===== RECORDS FOR THE TASK =====

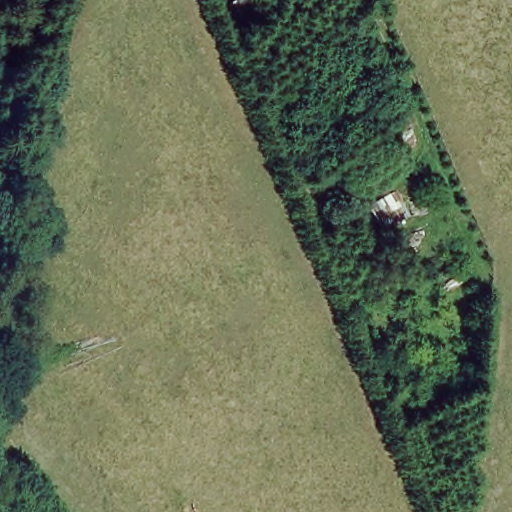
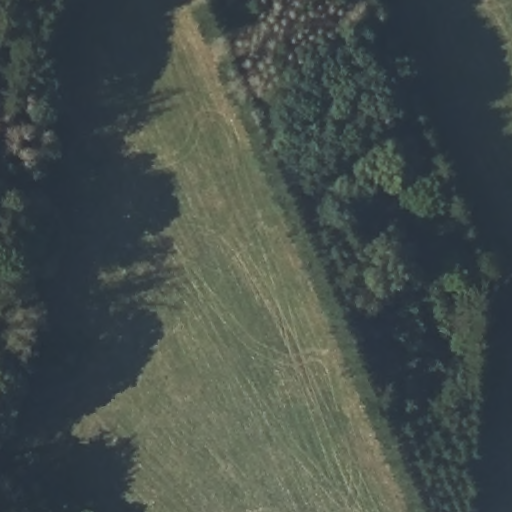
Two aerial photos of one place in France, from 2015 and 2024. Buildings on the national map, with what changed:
unchanged [(394,188),(407,216),(379,232),(364,206),(394,188)]

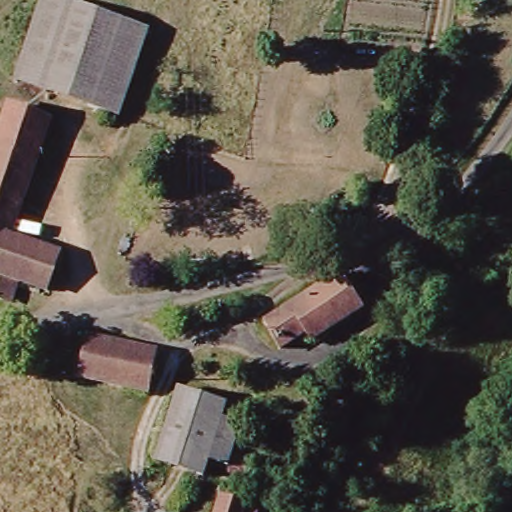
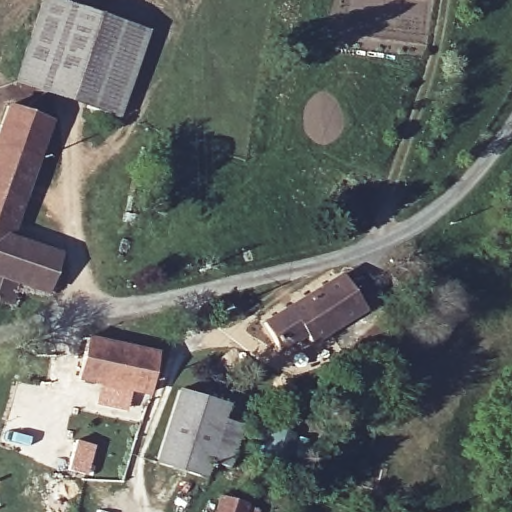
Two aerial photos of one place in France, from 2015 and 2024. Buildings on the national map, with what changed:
unchanged [(50,0),(68,0),(97,10),(126,19),(118,46),(98,107),(22,85),(41,30),(48,6),(50,0)]
unchanged [(126,19),(150,25),(138,60),(120,115),(98,107),(118,46),(126,19)]
unchanged [(55,118),(40,166),(0,154),(0,148),(14,105),(55,118)]
unchanged [(17,240),(0,235),(0,154),(40,166),(17,240)]
unchanged [(17,240),(62,255),(50,291),(27,285),(20,288),(15,305),(0,300),(0,235),(17,240)]
unchanged [(271,322),(344,275),(366,309),(313,341),(308,335),(287,347),(271,322)]
unchanged [(153,390),(90,377),(94,340),(160,353),(153,390)]
unchanged [(224,470),(227,463),(210,459),(206,473),(162,460),(182,390),(230,404),(226,420),(242,424),(234,450),(246,453),(243,464),(240,475),(224,470)]
new [(75,440),(94,445),(86,474),(67,469),(75,440)]
unchanged [(261,512),(224,512),(227,499),(238,502),(262,508),(261,512)]

=====

WHAT YOU WILL DO.
Type the lines above out again exactly as they appear, skipping every picture.

SOLUTION FOR THIS PROBLEM.
Two aerial photos of one place in France, from 2015 and 2024. Buildings on the national map, with what changed:
unchanged [(394,188),(407,216),(379,232),(364,206),(394,188)]

Two aerial photos of one place in France, from 2015 and 2024. Buildings on the national map, with what changed:
unchanged [(50,0),(68,0),(97,10),(126,19),(118,46),(98,107),(22,85),(41,30),(48,6),(50,0)]
unchanged [(126,19),(150,25),(138,60),(120,115),(98,107),(118,46),(126,19)]
unchanged [(55,118),(40,166),(0,154),(0,148),(14,105),(55,118)]
unchanged [(17,240),(0,235),(0,154),(40,166),(17,240)]
unchanged [(17,240),(62,255),(50,291),(27,285),(20,288),(15,305),(0,300),(0,235),(17,240)]
unchanged [(271,322),(344,275),(366,309),(313,341),(308,335),(287,347),(271,322)]
unchanged [(153,390),(90,377),(94,340),(160,353),(153,390)]
unchanged [(224,470),(227,463),(210,459),(206,473),(162,460),(182,390),(230,404),(226,420),(242,424),(234,450),(246,453),(243,464),(240,475),(224,470)]
new [(75,440),(94,445),(86,474),(67,469),(75,440)]
unchanged [(261,512),(224,512),(227,499),(238,502),(262,508),(261,512)]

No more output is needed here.